Looks like I can directly create Redshift external table for data managed in Apache Hudi like it is described by the following documentation https://docs.aws.amazon.com/redshift/latest/dg/c-spectrum-external-tables.html The other way is to integrate Hudi with AWS Glue Data Catalog like it is mentioned here https://docs.aws.amazon.com/emr/latest/ReleaseGuide/emr-hudi-how-it-works.html and then access Hudi tables with Redshift Spectrum via AWS Glue Data Catalog.
The same needs I have for AWS EMR for Apache Spark. Looks like I may use Hudi directly from EMR or via AWS Glue Data Catalog.
Right now, I don't understand what way to choose. Could you please advise what is the benefit to use Hudi via AWS Glue Data Catalog, or do I need to use it directly from Redshift Spectrum and AWS EMR ?
Given that with Spark on EMR you need a catalog, Hive metastore if you will, then using the AWS Glue Catalog is an option.
If you elect to use Glue as metastore then use that as the source for all data. Unless errors are evident in which case use the Hudi api for Spark.
Is it possible to query things in an RDS database using Athena? Or do I somehow have to get my data out of RDS and copy it into an s3 bucket so that Athena can query it from there? If that is the case how can I know the tables that are in my RDS? Is there a way to explore all the schemas of a database with Glue?
A feature was created exactly for this reason last year, Federated Queries.
By using this you can query across a large number of data sources other than just across S3.
If you're using either MySQL or Postgres in RDS then you can make use of the JDBC connector, with additional instructions here.
It's known that AWS Athena comes integrated with AWS Glue for data catalog. Is there any way to configure Athena to use a different catalog e.g. to point to a different Hive metastore (e.g. on EC2 instances) managed by user?
Athena integration with a Hive Metastore is a new feature, now available in preview mode. You can find the details of how to use this feature in the documentation.
I am new in AWS. I want to use AWS glue for ETL process.
Could we use AWS glue for analyzing the RDS database and store the analyzed data into rds mysql table using ETL job
Thanks
Yes, its possible. We have used S3 to store our raw data, from where we read the data in AWS Glue, and perform UPSERTs to RDS Aurora as part of our ETL process. You can either use AWS Glue trigger or a Lambda S3 event triggers for calling the glue job.

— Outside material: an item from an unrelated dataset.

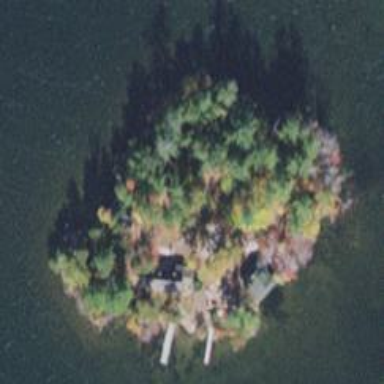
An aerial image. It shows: Islet.

We have used pymysql / mysql.connector in AWS Glue since we have to do UPSERTs. Bulk load data directly from S3 is also supported for RDS Mysql (Aurora). Let me know if you need help with code sample
I need to integrate AWS Athena service with an exists Hive Metastore (not AWS Glue).
Can you please let me know how can I connect Athena to Hive Metastore.

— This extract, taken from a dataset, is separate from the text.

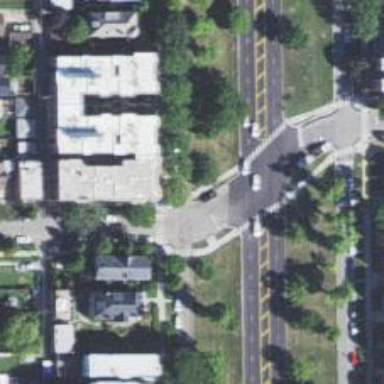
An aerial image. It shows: Footway that serves as traffic island.

Athena works only with its own metastore or the related AWS Glue metastore. It will not work with an external metastore.
However, you can set up multiple tables or databases on the same underlying S3 storage. So if you wrote data to S3 using an external metastore, you could query those files with Athena, after setting up an appropriate database and table definition in Athena's metastore.
Amazon Athena just released a new feature (in preview now) that allows you to connect Athena to your Apache Hive Metastore. You can see the announcement here. Detailed steps to add the Hive Metastore connector are available in the Athena documentation.
Another way is to export the hive metadata to a file using the command
command="hive -f "+schema+"_tables.hql -S >> "+schema+".output"
where schema= to be exported and import the table definitions to Athena using groovy in python.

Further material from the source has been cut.